Филогенетические деревья
В данном занятии нами изучались филогенетические деревья. Введем несколько терминов (большая их часть взята из презентации Дарьи Дибровой):
- Дерево – связный ациклический граф: каждая вершина имеет 0 или более дочерних вершин и не более одной родительской вершины.
- Филогенетическое дерево - дерево, отражающая гипотетическое взаимное происхождение видов. Так как обычно из одного вида образуется два (редкие исключения - когда сразу несколько (>2) популяций оказываются в разных средах обитания, к примеру.), то дерево теоретически бинарное. Несмотря на это дерево, построенное программой может не являться бинарным из-за недостаточности данных о происхождении видов.
- Ветвь - Связь между узлами графа (как внутри, так и между внутренними узлами и листами)
- Нетривиальная ветвь дерева - ветвь, разбивающая множество листьев на два подмножества с мощностью >1
Мною было отобрано 8 видов бактерий из отдела Firmicutes. Предлагалось выбрать их из более длинного списка видов, размещенного по следующему адресу.

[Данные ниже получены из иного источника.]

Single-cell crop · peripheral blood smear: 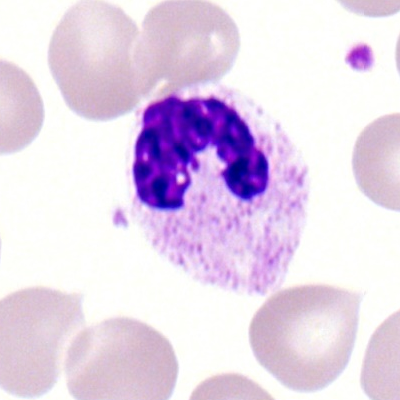
Cell type = polymorphonuclear neutrophil.
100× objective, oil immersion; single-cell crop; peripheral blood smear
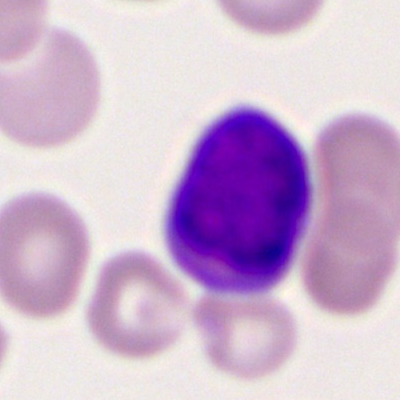

Q: Which cell type is shown here?
A: It is a segmented neutrophil.
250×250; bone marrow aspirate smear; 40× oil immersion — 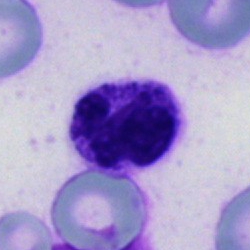Cell type: polymorphonuclear neutrophil.
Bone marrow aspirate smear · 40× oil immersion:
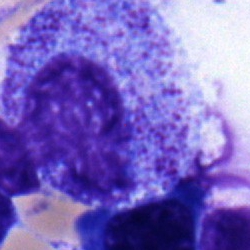 Impression — progranulocyte.
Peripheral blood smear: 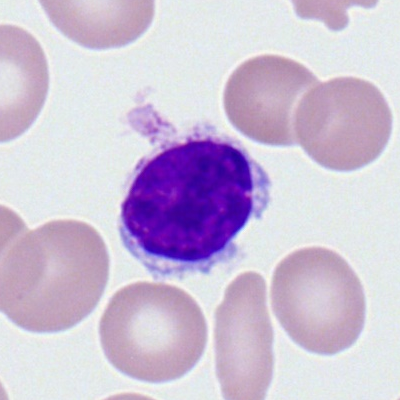 Morphological class — typical lymphocyte.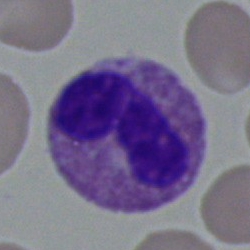
Q: What is shown here?
A: It is an eosinophilic granulocyte.
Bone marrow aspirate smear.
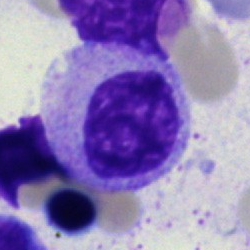

Q: What is shown here?
A: It is a myelocyte.
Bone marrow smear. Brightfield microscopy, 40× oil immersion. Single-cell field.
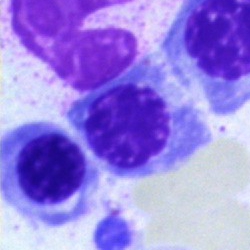 The cell type is erythroblast.
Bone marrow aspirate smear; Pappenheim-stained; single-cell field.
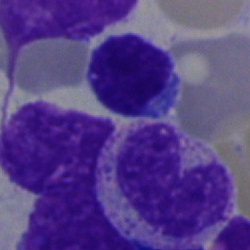Morphology consistent with a band neutrophil.
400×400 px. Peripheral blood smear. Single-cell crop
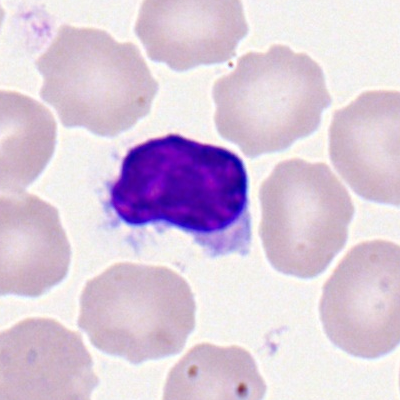

The cell type is typical lymphocyte.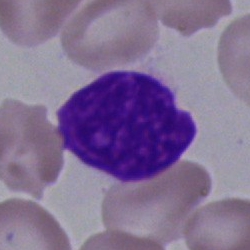 Bone marrow aspirate smear, single cell — artifact.
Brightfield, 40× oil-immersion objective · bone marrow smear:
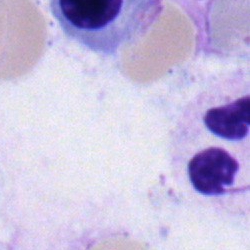 Polymorphonuclear neutrophil.
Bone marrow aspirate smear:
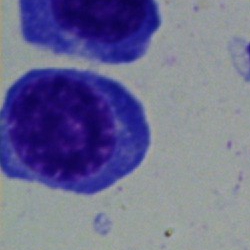

Q: What cell is this?
A: Normoblast.
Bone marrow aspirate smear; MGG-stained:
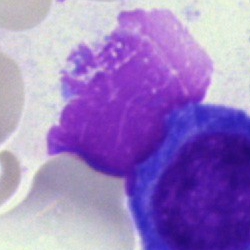Showing an artifact.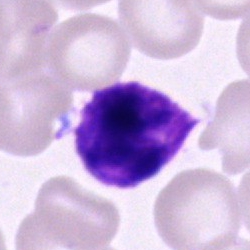Morphological class = basophilic granulocyte.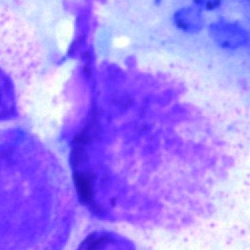

Morphology → artifact.
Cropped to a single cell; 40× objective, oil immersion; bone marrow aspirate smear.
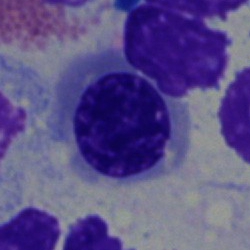
Classification — erythroblast.
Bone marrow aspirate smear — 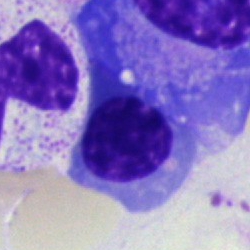 Morphological class = plasma cell.
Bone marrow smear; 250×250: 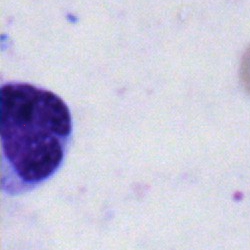 Q: What type of cell is this?
A: Band-form neutrophil.
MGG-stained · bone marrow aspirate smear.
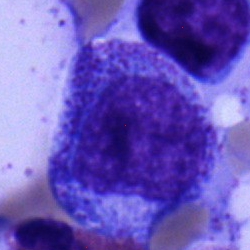

Impression — progranulocyte.
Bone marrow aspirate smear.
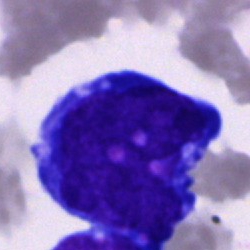
Showing a blast cell.
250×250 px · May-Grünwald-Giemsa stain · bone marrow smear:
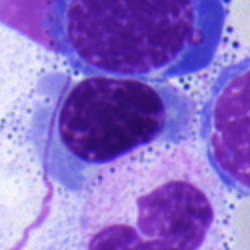 The cell shown is an erythroblast.
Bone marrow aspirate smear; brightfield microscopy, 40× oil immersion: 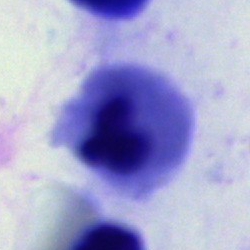
Specimen: bone marrow aspirate smear.
Cell type: nucleated red blood cell.
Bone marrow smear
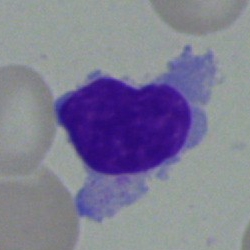
Morphology — lymphocyte.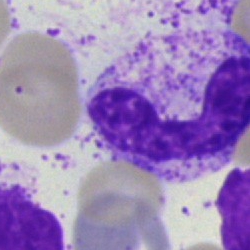
Specimen: bone marrow aspirate smear.
Cell: segmented neutrophil.
Lineage: myeloid.
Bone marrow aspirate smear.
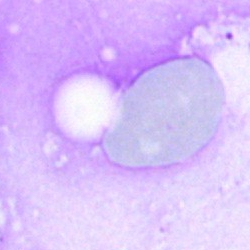 The cell type is artifact.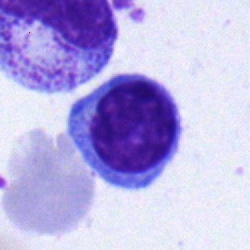
The classification is lymphocyte.
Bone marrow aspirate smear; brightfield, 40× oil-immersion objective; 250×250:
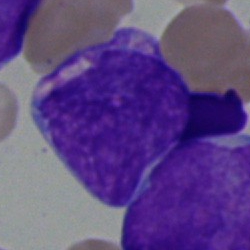
Blast cell.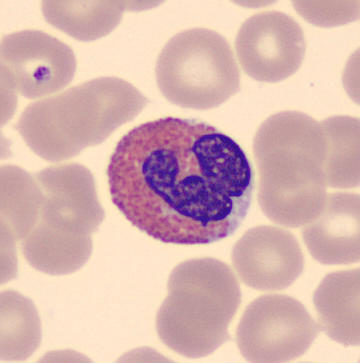
Peripheral blood smear.

The cell is eosinophilic granulocyte.
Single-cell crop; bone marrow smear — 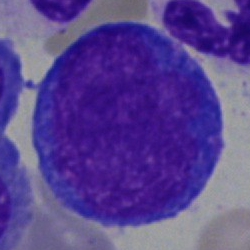Q: Identify the cell.
A: A pronormoblast.
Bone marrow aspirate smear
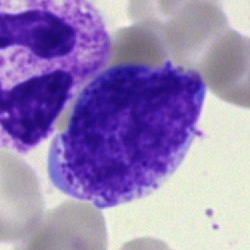 Impression — myelocyte.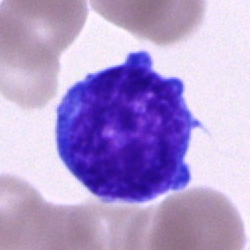The cell shown is an undifferentiated blast.

Далее, на основании филогенетического дерева для всех видов списка предлагалось создать дерево для выбранных мною видов. Таблица с названием вида и соответствующей мнемоникой (Таблица 1) и изображение дерева (Рис. 1.) для всех видов приведено ниже.
Сначала была создана скобочная формула дерева:
(CLOB1,((((STRP1, STRPPN),LACLM),ENTFA),((GEOKA, LISMO), STAA1)))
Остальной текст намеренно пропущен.